To its credit, however, ASEAN has occasionally demonstrated quiet effectiveness. Its facilitation of peace talks in Cambodia in the 1980s, and later in the Philippines’ southern conflict, are often cited as early triumphs of regional diplomacy. More recently, the admission of Timor-Leste as ASEAN’s 11th member this year was hailed as a symbol of inclusivity and progress, effectively expanding the bloc’s reach to cover all of Southeast Asia. Malaysia and its prime minister also deserve credit for brokering a peace deal between Thailand and Cambodia after their latest flare-up, a ceasefire and peace deal likely hastened by the U.S. threat of crushing economic penalties.
Yet these achievements are overshadowed by ASEAN’s inability to address crises within its own ranks. The growing frustration among member states, civil society, and international observers suggests that ASEAN’s credibility will continue to erode unless it evolves.

THE ROAD AHEAD
If ASEAN is to remain relevant, experts say that reform is imperative. Analysts argue for a shift from rigid consensus toward qualified majority decision-making on critical issues. Others propose the creation of a permanent conflict-resolution mechanism or a stronger Secretariat empowered to act independently.

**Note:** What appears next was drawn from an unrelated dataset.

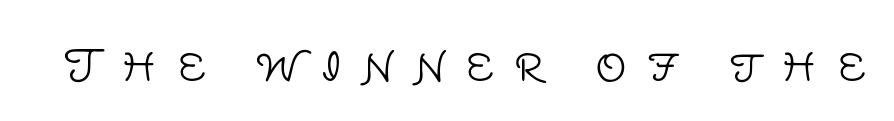
The image shows 44 px light sans-serif type; set unusually wide letter spacing (+0.45 em), not underlined; low stroke contrast and a large x-height.
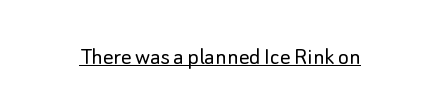
{"italic": "no", "bold": "no", "underline": "yes", "letter_spacing": "normal", "letter_spacing_em": 0.0, "glyph_px": 26}

There is also growing support for adopting a ‘two-track’ approach, in which willing member states can act jointly on urgent issues without requiring unanimous consent. Such flexibility could allow ASEAN to respond more swiftly to humanitarian and security crises while preserving its underlying commitment to regional unity.
Still, political will remains the greatest obstacle. Member governments are wary of setting precedents that could one day turn against them. As long as sovereignty remains sacred, ASEAN’s evolution from a diplomatic forum into an effective regional actor will remain incomplete, and it doesn’t seem that ASEAN will emulate much of the EU’s relative strengths and successes anytime soon.
At this year’s summit, the flowery rhetoric of inclusivity and cooperation was on full display. Yet beneath the photo sessions and communiqués, the question lingers: can ASEAN truly act when it matters most? Until it finds the courage to confront that question, the ‘toothless tiger’ will lack any real bite, continuing to merely roar softly while others decide its fate — and that of its member states.